第3話 刀との会話

執筆者 : 渡邊 和夫
 今回の『第三話』は『刀との会話』と題して、恵那市在住の渡邉和夫さんにお願いしました。 渡邉会員はお刀や槍を多数所有されておられますが、今回は厳選し、ご自慢の脇差について執筆していただきました。

 ここに『於武州江戸 源 正次』と銘のある脇差があります。 大正十年まで尾張徳川家蔵刀で『智の六十三』と白鞘に柄には『第百九十五号』と柄頭の場所に『地の人』と墨書があります。

 脇差の法量は刃長39.5cm反り0.47cm元幅3.76cm先幅3.525cm元重0.86cm茎長12.5cmと長さの割りに幅広で、重く、頑丈な作りこみで鑑定の研究会では尾張刀工へ入札して大汗をかきました。

 この脇差の作られた江戸時代の前期大名家の取りつぶしが多く行われた時代で肥前の国佐賀藩は鍋島家の相続と元戦国大名で主家であった竜造寺家の確執で藩内、外ともに多難の時であったとおもわれます

 この頃佐賀藩初代鍋島勝茂公は晩年になっており、嗣子を亡くし、父直茂のいとこ竜造寺隆信の子孫正家―高房弟安良―季明(伯庵)等が竜造寺家の再興運動を行っていることもあって、徳川幕府の要所への配慮を怠ることができない局面で、その一環として勝茂公お気に入りの刀工である正次(竜造寺家の刀工であった正次に寛永九年には「宗安」を慶安三年には「正次」を寛文六年頃に「宗次」を名乗ることを許した)を江戸に上らせ下屋敷て鍛刀させたもので将軍家、老中、御三家他へ贈るため武州江戸打ちはこの脇差の他に相当数有るのでは…と思っております。

脇差 銘 於武州江戸 源 正次

 本刀は、異風の姿で地、刃ともに力のみなぎった二代宗次会心の一振。

 刃長39.5cm(一尺三寸0分四厘)反り0.47cm(一分六厘)元幅3.76cm先幅3.52cm 元重0.36cm先重0.76cm 茎長12.5cm茎反りわずか、茎元重0.83cm茎先 重0.44cm 鎬造、庵棟尋常、鎬高高く棟重を薄く、鎬幅は狭い造り込みで、身幅は特別に広く元幅と先幅の差は少なく切先は中切先となりフクラはやや枯れ、反りは浅い中間反りになった、異風な脇差姿。

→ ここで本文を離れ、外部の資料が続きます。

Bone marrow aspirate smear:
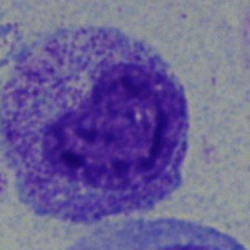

 地鉄は小板目に板目をまじえ、よく詰んで、細かな地沸が厚くついたきれいな肌で底に地形が沈み、鎬地は板目が征に流れる。

 刃文は大乱れで角張った互の目に尖り刃をまじえ、足は長くあるいは太く変化があり、金筋砂流しをまじえ、大小の飛焼があり棟焼に連なる。

 匂口は沸が豊富に厚くつき、沸、匂は深く明るく冴える。帽子は乱れて先は掃け、返りを長く焼き下げる。

 佐賀藩に戻ります。勝茂公は明暦三年にに亡くなり二代を継いだのが孫の光茂公ですが祖父と本人ともに名君と称せられるのは他の藩主が達成できなかったような難題を解決し、有名な「葉隠」十一巻を編纂させたことではないかと思っております。

 又、三十石以下の藩士でも成績優秀であれば抜擢し登用するようにした藩主が三代の網茂公との事で、私は幕末頃にそうした制度が出来たものと思っていたので勉強不足を反省しております。

 刀はいろいろな事を語って教えてくれます。私にとって良い師、良い友にめぐり会える仲立ちをしてくれたのが刀であり、今は刀を学んで本当に良かったとしみじみ感じております。

 人生八十年の時代自分の好きな道を楽しむことが何と幸せなことか…。自分の世界に生きること、人生の快事ここにあり。